Defendants settle class actions to buy peace and put litigation behind them. Plaintiffs settle class actions to guarantee at least some recovery, and to avoid prolonged litigation. A settlement benefits no one, though, if the settlement is not approved by the court or if approval is reversed on appeal. The Ninth Circuit recently reversed approval of a class settlement because of improper application of the cy pres doctrine to unclaimed funds. Cy pres, meaning “as near as possible,” originally was used to distribute funds from a testator’s charitable gift if the original gift became impossible. In the class action context, some courts apply this doctrine to unclaimed funds or to direct payment to charities when locating class members is too difficult or members do not claim their share.
In Dennis v. Kellogg Co., No. 11-55674, at 8119 (9th Cir. July 13, 2012), the Ninth Circuit reversed certification of a settlement class, and remanded the case for further proceedings because the settlement provided for a nebulous cy pres award that the Court held was “not sufficiently related to the plaintiff class,” and because the attorneys’ fee award was excessive. The Dennis plaintiffs alleged that Kellogg falsely advertised the nutritional value of one of its cereals. The parties’ settlement agreement provided a fund of $2.75 million for distribution to class members on a claims-made basis—with any unclaimed portion being donated to “charities chosen by the parties and approved by the Court.” Kellogg also agreed to distribute $5.5 million “worth” of food items to charities to feed the indigent, and to pay class counsel’s attorneys’ fees and costs up to $2 million.

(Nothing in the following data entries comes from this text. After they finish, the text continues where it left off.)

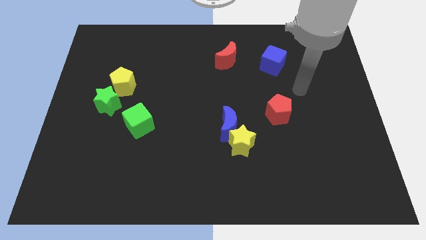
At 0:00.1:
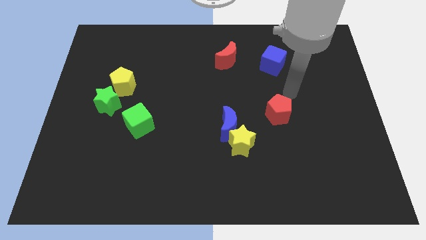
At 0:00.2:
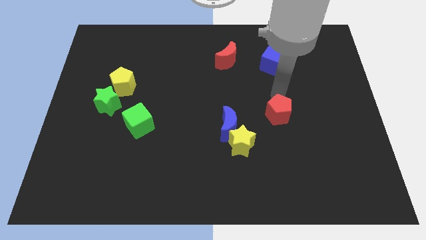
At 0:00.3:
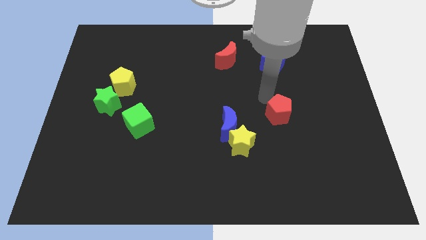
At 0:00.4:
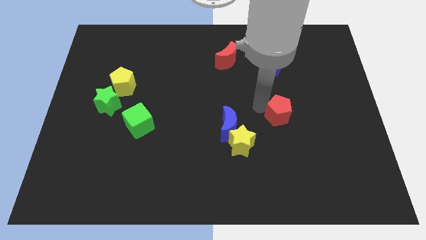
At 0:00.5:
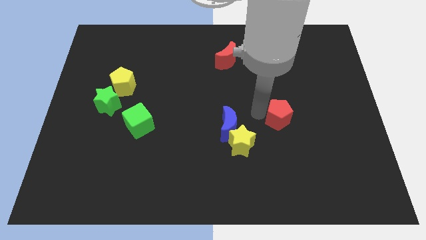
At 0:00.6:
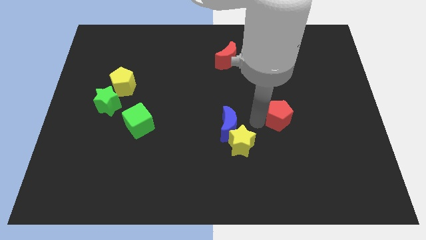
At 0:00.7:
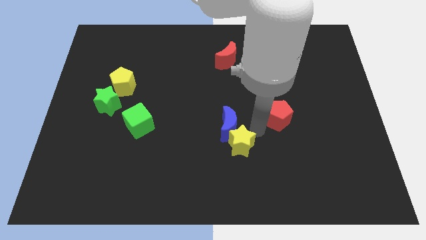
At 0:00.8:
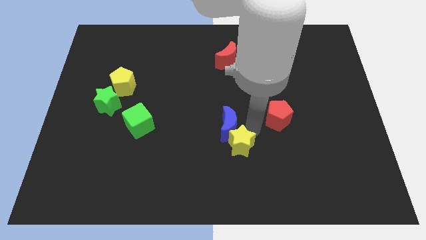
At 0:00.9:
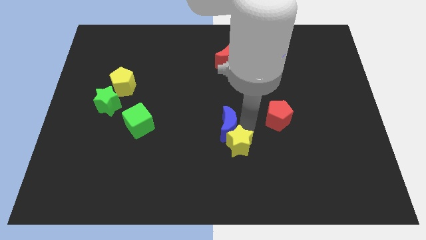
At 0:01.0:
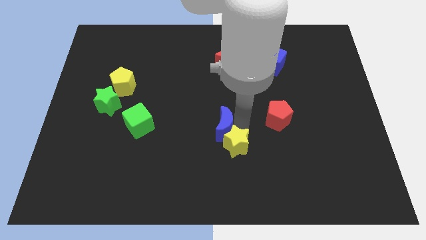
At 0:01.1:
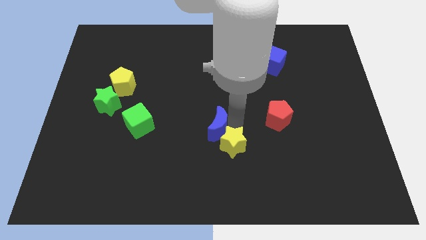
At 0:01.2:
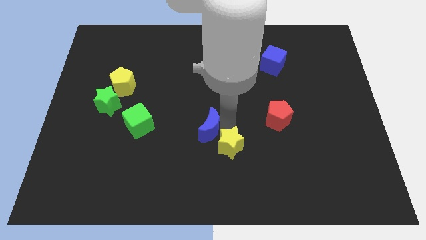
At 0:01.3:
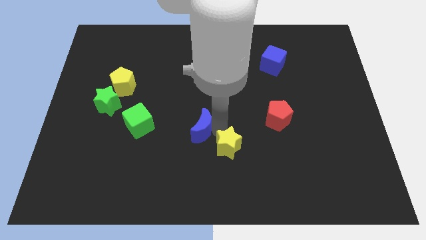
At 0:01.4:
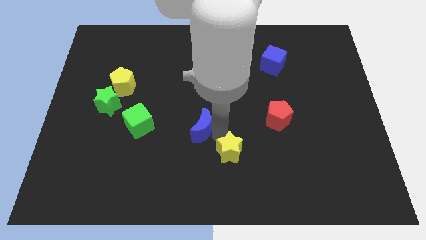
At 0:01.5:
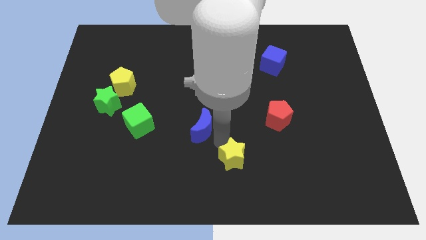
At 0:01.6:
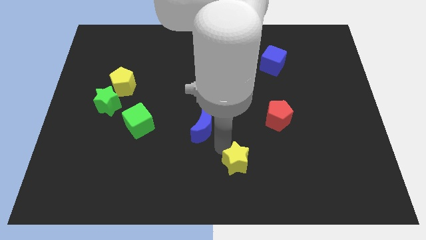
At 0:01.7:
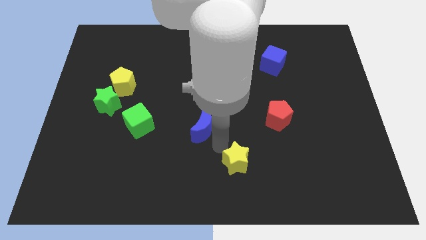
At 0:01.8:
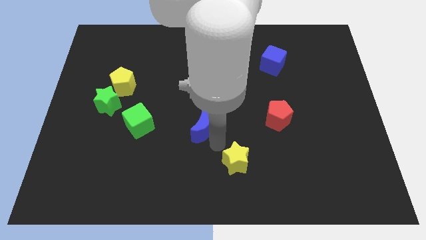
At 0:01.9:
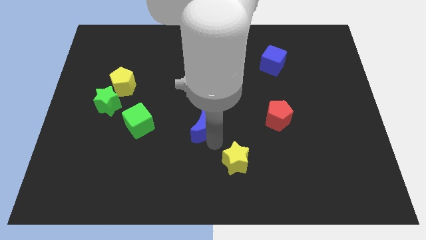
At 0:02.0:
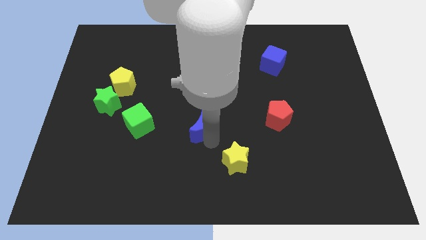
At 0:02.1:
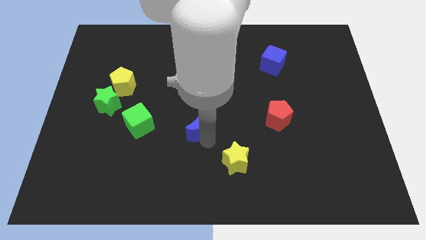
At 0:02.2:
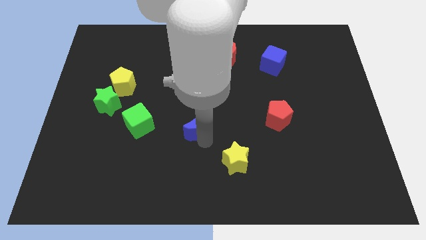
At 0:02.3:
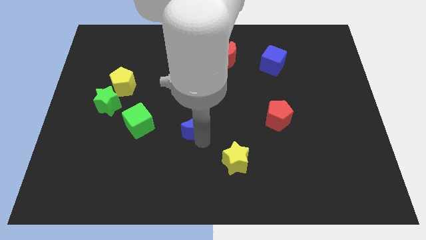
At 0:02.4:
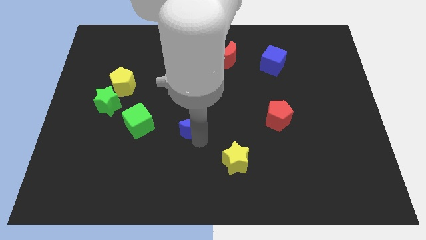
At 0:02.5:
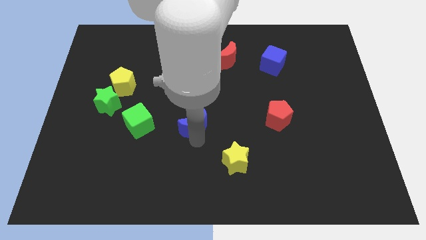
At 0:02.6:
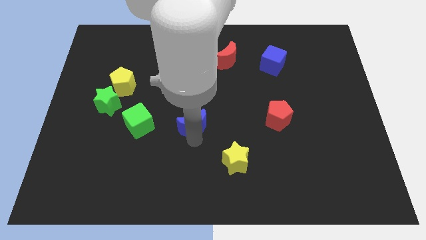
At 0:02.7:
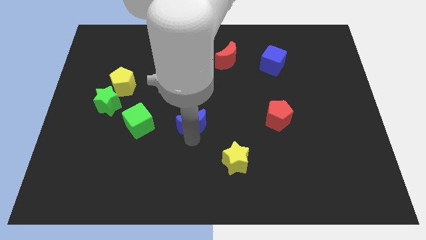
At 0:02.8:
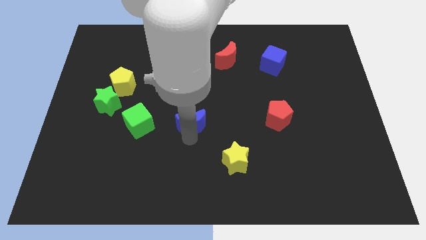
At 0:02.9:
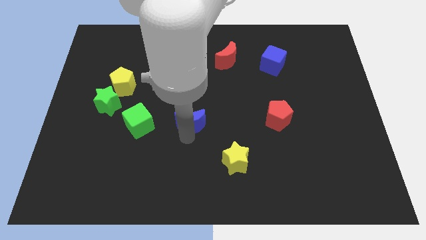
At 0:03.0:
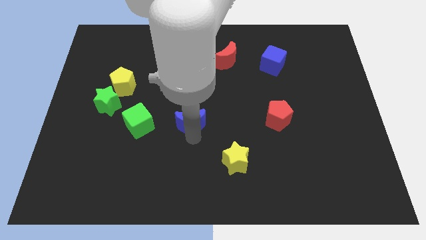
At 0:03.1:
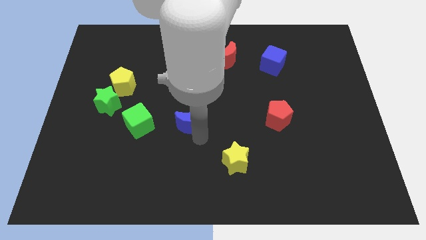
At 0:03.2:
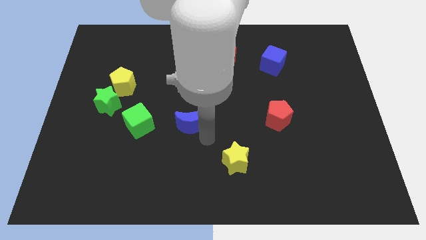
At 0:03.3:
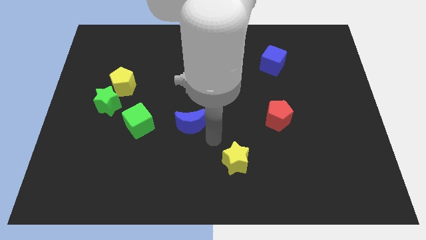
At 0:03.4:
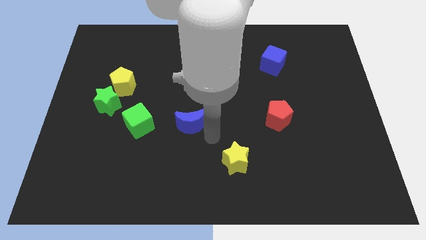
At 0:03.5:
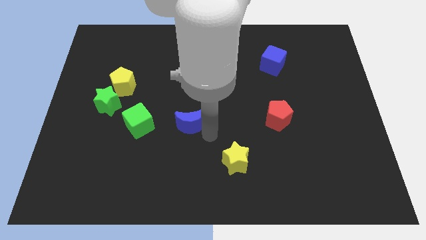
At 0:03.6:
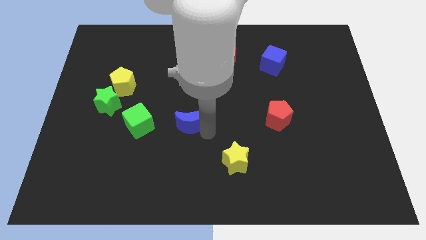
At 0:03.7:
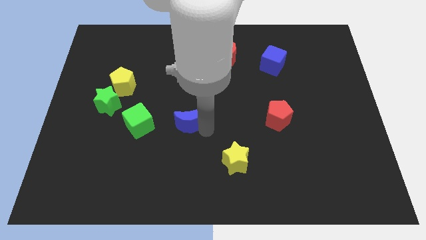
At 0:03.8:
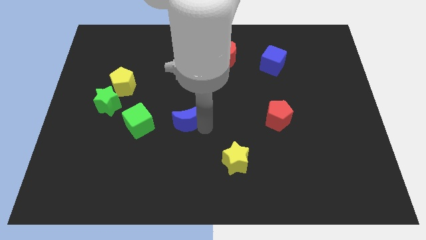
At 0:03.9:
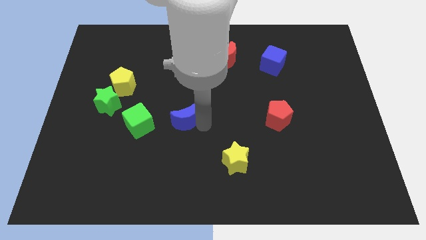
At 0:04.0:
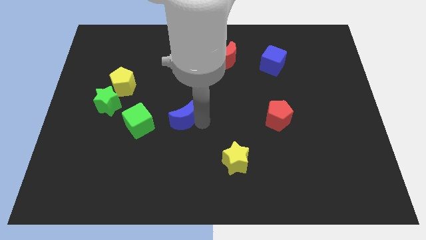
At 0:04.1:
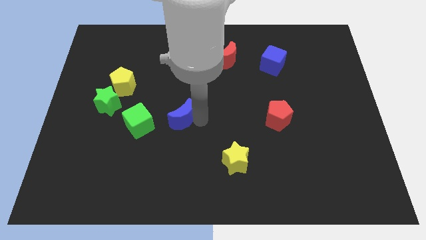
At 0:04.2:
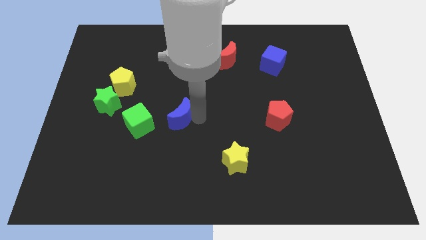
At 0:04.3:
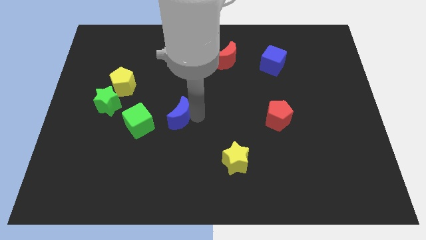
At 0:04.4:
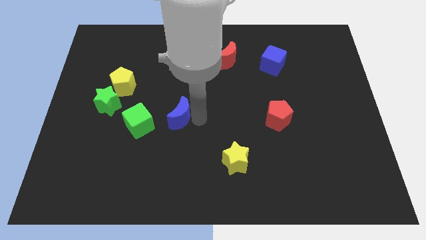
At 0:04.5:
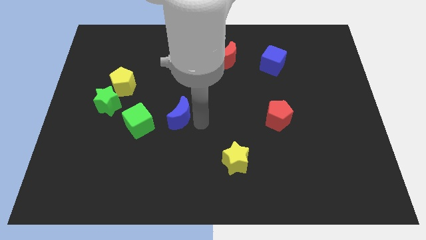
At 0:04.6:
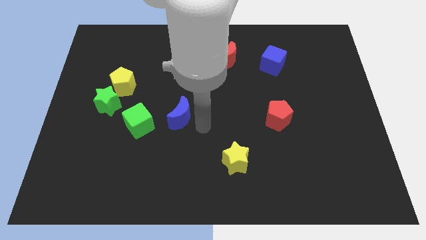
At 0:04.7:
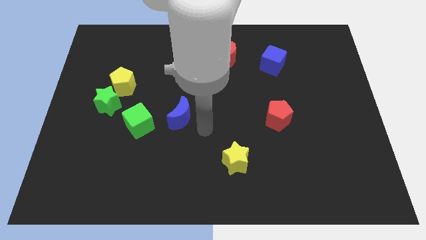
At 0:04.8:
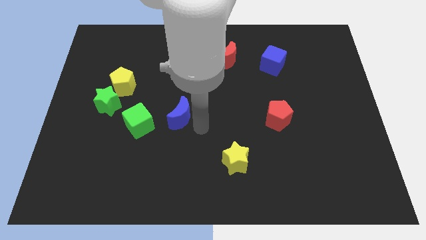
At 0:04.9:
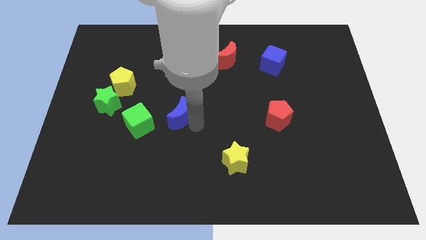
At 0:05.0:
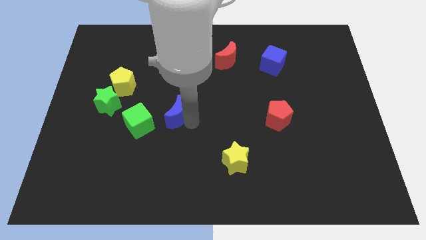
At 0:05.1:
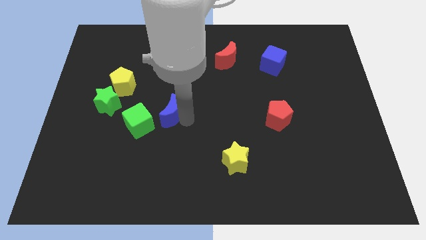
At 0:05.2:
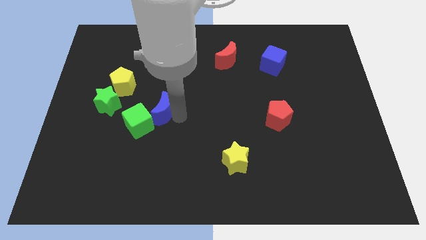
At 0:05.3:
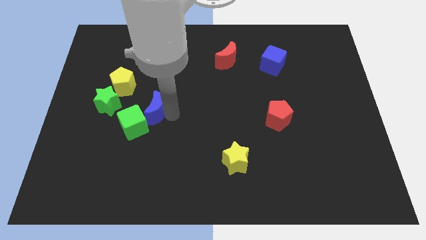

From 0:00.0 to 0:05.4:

The Ninth Circuit’s held the cy pres portion of the settlement was “not sufficiently related to the plaintiff class” because the charities to receive any unclaimed funds were not identified, and because the recipients of the food donation—the indigent—bore no relation to the class members. The “cy pres distribution was an abuse of discretion because there was no reasonable certainty that any class member would benefit from it, even though the money would go to areas where the class members may live.” This appeal, and reversal, might have been avoided if the parties had more carefully crafted their settlement agreement to specifically identify the cy pres recipients, and ensured that the recipients were more sufficiently related to the class.
The Fifth Circuit also recently addressed the use of cy pres in another appeal that could possibly have been avoided. In Klier v. Elf Atochem North America, Inc., 658 F.3d 468 (5th Cir. 2011), the class members were divided into subclasses by their claims for ease of distribution. The members of one subclass did not claim all of their funds and the settlement agreement did not address what should happen to the unclaimed funds. The district court ordered the remaining funds to be distributed to a charity under cy pres, and several members of another subclass sued, claiming that the funds should instead be redistributed to them. The Fifth Circuit concluded that when the terms of a settlement agreement are “insufficient to overcome the presumptions that the settlement provides for further distribution to class members, there is no occasion for charitable gifts, and cy pres must remain offstage.” Since the funds belonged to the class as a whole, they could not be said to be unclaimed, and had to be returned to the remaining class members. If parties want unclaimed funds to be distributed to a charity, they need to ensure their agreement properly provides for that.
Though not at issue in Dennis or Klier, parties to a class settlement must also consider the state law implications of unclaimed settlement funds, including unclaimed property laws and, in several states, specific cy pres statutes. If a settlement creates a property right for each class member, funds left unclaimed may escheat to the state. And some states, including California, North Carolina, and Illinois, have statutes expressly addressing the use of cy pres in class actions.
Detailed planning for the distribution of funds at the outset of the settlement agreement will greatly reduce later challenges to, and possible reversal of, a class settlement. It requires more work at the front end, but ensuring your hard-won settlement survives scrutiny is worth the effort.